- [WHAT IS EXPECTED]: When you retype the records that follow, keep each word as it is and drop any pictures.

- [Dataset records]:
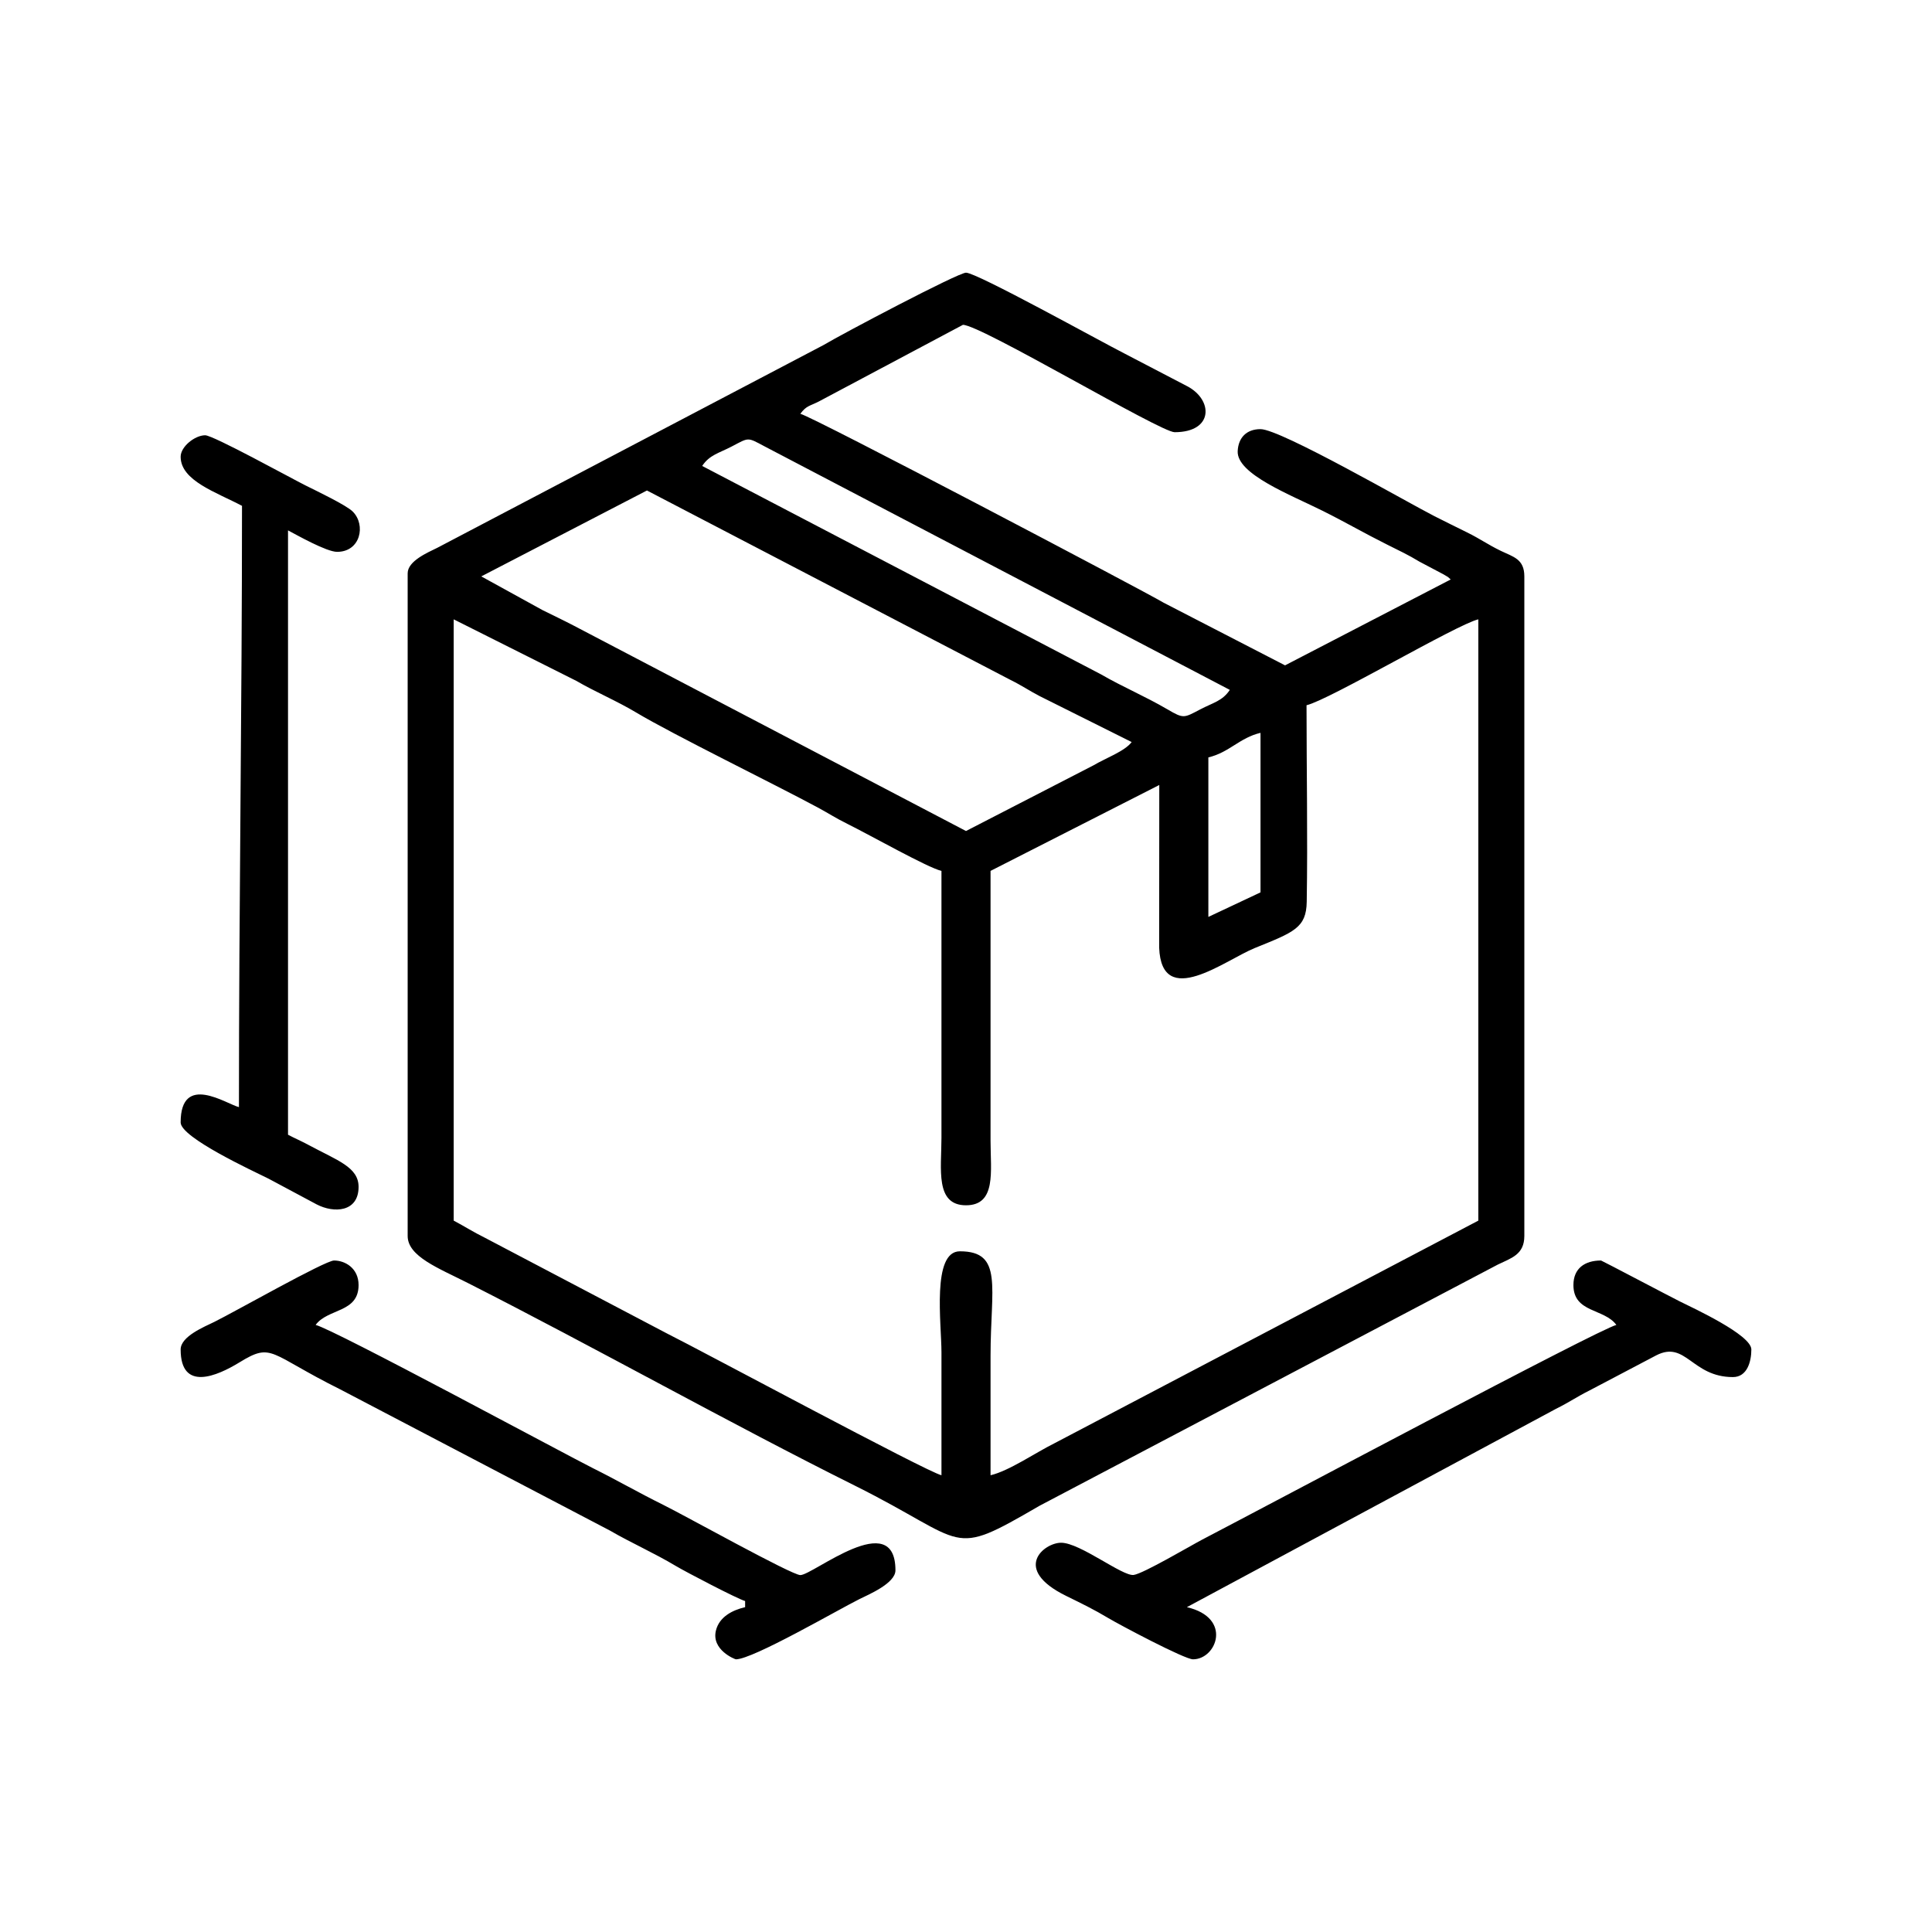 <?xml version="1.0" encoding="UTF-8"?>
<!DOCTYPE svg PUBLIC "-//W3C//DTD SVG 1.1//EN" "http://www.w3.org/Graphics/SVG/1.1/DTD/svg11.dtd">
<!-- Creator: CorelDRAW 2018 (64-Bit Evaluation Version) -->
<svg xmlns="http://www.w3.org/2000/svg" xml:space="preserve" width="250mm" height="250mm" version="1.1" style="shape-rendering:geometricPrecision; text-rendering:geometricPrecision; image-rendering:optimizeQuality; fill-rule:evenodd; clip-rule:evenodd"
viewBox="0 0 25000 25000"
 xmlns:xlink="http://www.w3.org/1999/xlink">
 <defs>
  <style type="text/css">
   <![CDATA[
    .fil0 {fill:black}
   ]]>
  </style>
 </defs>
 <g id="Layer_x0020_1">
  <path class="fil0" d="M5870.62 8014.25l1586.1 795.7c250.91,145.8 522.13,258.18 778.95,411.96 469.58,281.18 1784.69,924.69 2345.84,1226.89 146.27,78.78 224.99,133.38 383.46,211.98 300.94,149.24 1039.56,567.16 1217.45,608.62l0 3453.63c-0.04,402.85 -85.21,873.33 317.58,873.33 395.05,0 317.68,-440.75 317.58,-833.63l0 -3493.33 2183.34 -1111.51 -1.46 2105.38c31.9,806.65 857.13,158.16 1237.62,4.12 504.89,-204.44 666.36,-259.42 671.84,-598.47 13.58,-841.29 -2.55,-1699.73 -2.55,-2543.15 294.06,-68.52 1945.52,-1046.87 2223.03,-1111.52l0 7780.6 -5491.58 2884.49c-235.63,116.68 -580.76,354.56 -820.24,410.35 0,-516.06 0,-1032.12 0,-1548.18 0,-883.35 167.97,-1349.69 -396.97,-1349.69 -365.73,0 -238.19,934.44 -238.19,1310 0,529.28 0,1058.59 0,1587.87 -190.73,-44.43 -3094.14,-1606.06 -3559.97,-1838.81l-2341.72 -1231c-165.1,-81.9 -265.12,-148.3 -410.11,-225.03l0 -7780.6zm9765.45 3850.6l0 -2064.24c269.75,-62.85 405.07,-254.74 674.84,-317.58l0 2064.24 -674.84 317.58zm-9408.19 -4406.36l2143.64 -1111.51 4697.62 2447.81c158.01,78.24 245.04,140.54 383.08,212.39l1191.42 594.95c-86.71,118.32 -344.29,211.7 -493.11,300.81l-1650.53 850.39 -5080.7 -2660.21c-130.02,-67.69 -266.03,-132.33 -397.78,-197.67l-793.64 -436.96zm9686.06 1468.78c-96.28,143.77 -213.66,163.7 -383.72,252.58 -211.08,110.33 -211.59,123.24 -422.93,-0.53 -292.86,-171.5 -578.88,-289.59 -858.87,-452.29l-5162.36 -2697.63c96.28,-143.78 213.66,-163.69 383.72,-252.58 225.07,-117.65 197.13,-121.43 424.04,-0.57l6020.12 3151.02zm-10638.79 -1508.48l0 8574.54c0,265.34 399.4,416.04 780.12,609.28 1641.53,833.15 3401.62,1821.56 5002.39,2619.42 1493.12,744.19 1209.22,950.98 2393.31,262.88l5929.97 -3120.94c173.64,-84.29 343.91,-128.49 343.91,-370.64l0 -8534.84c0,-226.02 -143.26,-252.46 -304.54,-330.61 -170.99,-82.86 -260.09,-151.29 -436.31,-238.54 -156.66,-77.57 -267.9,-131.65 -424.19,-210.96 -335.11,-170.09 -1988.5,-1125.34 -2248.9,-1125.34 -182.78,0 -286.73,111.88 -295.29,284.26 -14.82,298.22 687.08,566.72 1102.46,774.32 303.76,151.82 529.15,284.48 833.63,436.67 158.28,79.09 272.05,131.9 415.77,219.38l311.68 164.68c79.68,47.63 40.51,20.25 92.96,65.83l-2143.64 1111.52 -1571.13 -810.69c-239.64,-143.51 -4537.16,-2406.29 -4700.99,-2444.46 76.59,-104.53 119.01,-98.72 238.14,-158.83l1865.81 -992.38c230.8,0 2554.11,1389.39 2739.08,1389.39 508.73,0 499.4,-421.73 160.01,-596.66l-808.98 -421.64c-315.26,-160.02 -1910.1,-1045.94 -2050.42,-1045.94 -101.6,0 -1603.54,792.69 -1842.81,935.98l-4998.02 2623.79c-129.4,63.55 -384.02,172.31 -384.02,330.53zm-2937.57 -1508.48c0,310.14 461.87,459.43 793.94,635.15 0,2618.74 -39.69,5141.66 -39.69,7780.6 -155.43,-36.21 -754.25,-451.21 -754.25,198.49 0,196.11 939.94,629.09 1137.97,727.78l621.24 332.04c224.2,117.39 543.21,101.6 543.21,-226.19 0,-256.26 -274.03,-341.22 -648.19,-542.72 -100.35,-54.05 -174.92,-84.54 -264.83,-132.12l0 -7820.31c118.32,62.61 498.24,277.89 635.15,277.89 303.77,0 374.21,-347.83 203.57,-520.06 -83.63,-84.41 -471.84,-269.11 -613.77,-340.05 -181.76,-90.83 -1192.92,-648.38 -1296.77,-648.38 -132.74,0 -317.58,146.62 -317.58,277.88zm18022.42 10718.17c0,361.57 397.52,300.1 555.75,516.07 -220.23,51.3 -4541.28,2352.29 -5359.6,2778.26 -138.71,72.21 -759.91,439.45 -886.21,456.9 -145.07,20.05 -692.7,-416.68 -939.33,-416.68 -220.64,0 -643.36,339.96 65.97,688.27 203.61,99.99 355.64,173.28 546.23,287.4 141,84.43 985.42,532.81 1094.76,532.81 305.97,0 513.42,-536.74 -79.39,-674.84l4777.02 -2566.92c176.3,-87.29 265.12,-153.42 436.04,-238.82l860.54 -452.73c383.37,-196.51 459.6,281.19 992.46,281.19 185.72,0 238.18,-203.49 238.18,-357.26 0,-189 -750.53,-534.89 -926.18,-622.01 -117.25,-58.15 -1010.53,-529.21 -1018.96,-529.21 -210.81,0 -357.28,102.51 -357.28,317.57zm-18022.42 833.65c0,548.9 471.11,344.93 761.92,166.41 428.87,-263.27 376.98,-110.55 1302.35,349.61l3491.55 1827.85c276.46,160.67 566.68,286.91 852.14,457.86 125.85,75.35 800.78,427.91 896.28,453.42l0 79.39c-164.09,38.22 -333.8,124.59 -377.67,301.61 -62.35,251.45 246.78,373.23 258.59,373.23 219.18,0 1316.34,-638.9 1601.11,-780.69 109.34,-54.44 463.13,-201.54 463.13,-370.51 0,-822.02 -1068.06,61.68 -1230.59,61.38 -112.39,-0.19 -1483.27,-764.94 -1773,-908.41 -331.83,-164.31 -588.54,-314.44 -913.17,-476.23 -330.78,-164.83 -3357.29,-1799.23 -3585.97,-1852.5 158.23,-215.97 555.75,-154.5 555.75,-516.07 0,-217.83 -173.84,-317.57 -317.57,-317.57 -115.33,0 -1288.39,665.7 -1548.19,793.94 -127.83,63.08 -436.66,186.9 -436.66,357.28z"/>
 </g>
</svg>

- [PROBLEM SOLUTION]:
 <?xml version="1.0" encoding="UTF-8"?>
<!DOCTYPE svg PUBLIC "-//W3C//DTD SVG 1.1//EN" "http://www.w3.org/Graphics/SVG/1.1/DTD/svg11.dtd">
<!-- Creator: CorelDRAW 2018 (64-Bit Evaluation Version) -->
<svg xmlns="http://www.w3.org/2000/svg" xml:space="preserve" width="250mm" height="250mm" version="1.1" style="shape-rendering:geometricPrecision; text-rendering:geometricPrecision; image-rendering:optimizeQuality; fill-rule:evenodd; clip-rule:evenodd"
viewBox="0 0 25000 25000"
 xmlns:xlink="http://www.w3.org/1999/xlink">
 <defs>
  <style type="text/css">
   <![CDATA[
    .fil0 {fill:black}
   ]]>
  </style>
 </defs>
 <g id="Layer_x0020_1">
  <path class="fil0" d="M5870.62 8014.25l1586.1 795.7c250.91,145.8 522.13,258.18 778.95,411.96 469.58,281.18 1784.69,924.69 2345.84,1226.89 146.27,78.78 224.99,133.38 383.46,211.98 300.94,149.24 1039.56,567.16 1217.45,608.62l0 3453.63c-0.04,402.85 -85.21,873.33 317.58,873.33 395.05,0 317.68,-440.75 317.58,-833.63l0 -3493.33 2183.34 -1111.51 -1.46 2105.38c31.9,806.65 857.13,158.16 1237.62,4.12 504.89,-204.44 666.36,-259.42 671.84,-598.47 13.58,-841.29 -2.55,-1699.73 -2.55,-2543.15 294.06,-68.52 1945.52,-1046.87 2223.03,-1111.52l0 7780.6 -5491.58 2884.49c-235.63,116.68 -580.76,354.56 -820.24,410.35 0,-516.06 0,-1032.12 0,-1548.18 0,-883.35 167.97,-1349.69 -396.97,-1349.69 -365.73,0 -238.19,934.44 -238.19,1310 0,529.28 0,1058.59 0,1587.87 -190.73,-44.43 -3094.14,-1606.06 -3559.97,-1838.81l-2341.72 -1231c-165.1,-81.9 -265.12,-148.3 -410.11,-225.03l0 -7780.6zm9765.45 3850.6l0 -2064.24c269.75,-62.85 405.07,-254.74 674.84,-317.58l0 2064.24 -674.84 317.58zm-9408.19 -4406.36l2143.64 -1111.51 4697.62 2447.81c158.01,78.24 245.04,140.54 383.08,212.39l1191.42 594.95c-86.71,118.32 -344.29,211.7 -493.11,300.81l-1650.53 850.39 -5080.7 -2660.21c-130.02,-67.69 -266.03,-132.33 -397.78,-197.67l-793.64 -436.96zm9686.06 1468.78c-96.28,143.77 -213.66,163.7 -383.72,252.58 -211.08,110.33 -211.59,123.24 -422.93,-0.53 -292.86,-171.5 -578.88,-289.59 -858.87,-452.29l-5162.36 -2697.63c96.28,-143.78 213.66,-163.69 383.72,-252.58 225.07,-117.65 197.13,-121.43 424.04,-0.57l6020.12 3151.02zm-10638.79 -1508.48l0 8574.54c0,265.34 399.4,416.04 780.12,609.28 1641.53,833.15 3401.62,1821.56 5002.39,2619.42 1493.12,744.19 1209.22,950.98 2393.31,262.88l5929.97 -3120.94c173.64,-84.29 343.91,-128.49 343.91,-370.64l0 -8534.84c0,-226.02 -143.26,-252.46 -304.54,-330.61 -170.99,-82.86 -260.09,-151.29 -436.31,-238.54 -156.66,-77.57 -267.9,-131.65 -424.19,-210.96 -335.11,-170.09 -1988.5,-1125.34 -2248.9,-1125.34 -182.78,0 -286.73,111.88 -295.29,284.26 -14.82,298.22 687.08,566.72 1102.46,774.32 303.76,151.82 529.15,284.48 833.63,436.67 158.28,79.09 272.05,131.9 415.77,219.38l311.68 164.68c79.68,47.63 40.51,20.25 92.96,65.83l-2143.64 1111.52 -1571.13 -810.69c-239.64,-143.51 -4537.16,-2406.29 -4700.99,-2444.46 76.59,-104.53 119.01,-98.72 238.14,-158.83l1865.81 -992.38c230.8,0 2554.11,1389.39 2739.08,1389.39 508.73,0 499.4,-421.73 160.01,-596.66l-808.98 -421.64c-315.26,-160.02 -1910.1,-1045.94 -2050.42,-1045.94 -101.6,0 -1603.54,792.69 -1842.81,935.98l-4998.02 2623.79c-129.4,63.55 -384.02,172.31 -384.02,330.53zm-2937.57 -1508.48c0,310.14 461.87,459.43 793.94,635.15 0,2618.74 -39.69,5141.66 -39.69,7780.6 -155.43,-36.21 -754.25,-451.21 -754.25,198.49 0,196.11 939.94,629.09 1137.97,727.78l621.24 332.04c224.2,117.39 543.21,101.6 543.21,-226.19 0,-256.26 -274.03,-341.22 -648.19,-542.72 -100.35,-54.05 -174.92,-84.54 -264.83,-132.12l0 -7820.31c118.32,62.61 498.24,277.89 635.15,277.89 303.77,0 374.21,-347.83 203.57,-520.06 -83.63,-84.41 -471.84,-269.11 -613.77,-340.05 -181.76,-90.83 -1192.92,-648.38 -1296.77,-648.38 -132.74,0 -317.58,146.62 -317.58,277.88zm18022.42 10718.17c0,361.57 397.52,300.1 555.75,516.07 -220.23,51.3 -4541.28,2352.29 -5359.6,2778.26 -138.71,72.21 -759.91,439.45 -886.21,456.9 -145.07,20.05 -692.7,-416.68 -939.33,-416.68 -220.64,0 -643.36,339.96 65.97,688.27 203.61,99.99 355.64,173.28 546.23,287.4 141,84.43 985.42,532.81 1094.76,532.81 305.97,0 513.42,-536.74 -79.39,-674.84l4777.02 -2566.92c176.3,-87.29 265.12,-153.42 436.04,-238.82l860.54 -452.73c383.37,-196.51 459.6,281.19 992.46,281.19 185.72,0 238.18,-203.49 238.18,-357.26 0,-189 -750.53,-534.89 -926.18,-622.01 -117.25,-58.15 -1010.53,-529.21 -1018.96,-529.21 -210.81,0 -357.28,102.51 -357.28,317.57zm-18022.42 833.65c0,548.9 471.11,344.93 761.92,166.41 428.87,-263.27 376.98,-110.55 1302.35,349.61l3491.55 1827.85c276.46,160.67 566.68,286.91 852.14,457.86 125.85,75.35 800.78,427.91 896.28,453.42l0 79.39c-164.09,38.22 -333.8,124.59 -377.67,301.61 -62.35,251.45 246.78,373.23 258.59,373.23 219.18,0 1316.34,-638.9 1601.11,-780.69 109.34,-54.44 463.13,-201.54 463.13,-370.51 0,-822.02 -1068.06,61.68 -1230.59,61.38 -112.39,-0.19 -1483.27,-764.94 -1773,-908.41 -331.83,-164.31 -588.54,-314.44 -913.17,-476.23 -330.78,-164.83 -3357.29,-1799.23 -3585.97,-1852.5 158.23,-215.97 555.75,-154.5 555.75,-516.07 0,-217.83 -173.84,-317.57 -317.57,-317.57 -115.33,0 -1288.39,665.7 -1548.19,793.94 -127.83,63.08 -436.66,186.9 -436.66,357.28z"/>
 </g>
</svg>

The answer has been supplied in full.